Recipe: Potato Tart - Tomato Jam and Mustard Potato Puree

Recipe: Potato Tarts

Tomato Jam and Mustard Potato Puree

Baked 09.05.14

Ask, and ye' shall receive... in quadruplicate!

Rather than burden even the most avid tart-loving, potato-fiends with the most epic of recipe posts, I'm going to provide one tart recipe a day this week. 

First up, my personal favorite!

Potato Tart with Tomato Jam:

Mustard Potato Puree, Tomato Jam, Gouda & Fresh Basil

This tart begins with a blind-baked tart shell that is filled with shredded gouda cheese, tomato jam, fresh basil and then topped with a piped layer of mustard potato puree. The entire tart is then baked in the oven just long enough for the cheese to melt. 

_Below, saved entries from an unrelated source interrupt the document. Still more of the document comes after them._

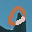
Label: 0
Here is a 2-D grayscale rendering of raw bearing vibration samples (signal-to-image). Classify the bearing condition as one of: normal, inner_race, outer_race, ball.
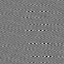
Answer: inner_race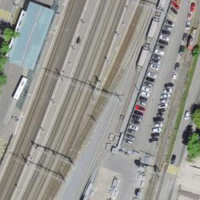
EUNIS habitat code: 57
Species observed at this site:
Tettigonia viridissima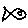
Label: fish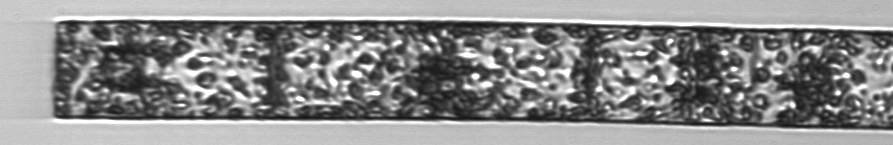
Label: Guinardia_flaccida

The acidity from the tomato jam is an excellent combination with the rich potato puree and melted gouda.

Slice of Potato Tart with Tomato Jam

- The Recipe -

Potato Tart with Tomato Jam:

Mustard Potato Puree, Tomato Jam, Gouda & Fresh Basil

YieldOne 8"/9" tart

  • 240g - One 8"/9" Pate Brisee Tart Shell (link to dough recipe)
  • For the Tomato Jam:
    • Tomatoes: 500g (3 medium)
    • Onion: 150g (1 medium)
    • Red Wine Vinegar (or Sherry): 60g (0.25 Cup)
    • White Granulated Sugar: 25g (2 Tbls)
  • For the Potato Puree:
    • Idaho Potatoes: 450g (3 medium)
    • Gouda Cheese: 100g (1 Cup) 
    • Coarse Ground Mustard: 50g (3 Tbls)
    • Butter: 55g (0.25 Cup / 0.5 Stick)
    • Milk 
    • Salt
  • Gouda Cheese - 50g (0.5 Cup) - In addition to cheese for the Potato Puree
  • Fresh Basil


1. Prepare the 8"/9" tart shell:

a.) On a cool, clean, floured surface, roll out the pate brisee into a 10"/11" circle. Use short, firm motions with the rolling pin. You want to roll out the dough to an even 1/8" thickness in as few strokes as possible. Overworking the dough will develop gluten which will make for a tougher crust. You should be able to see small pieces of solid butter throughout the dough. If the dough becomes too warm and the butter begins to melt, return the dough to the refrigerator and chill for 30 minutes before continuing. 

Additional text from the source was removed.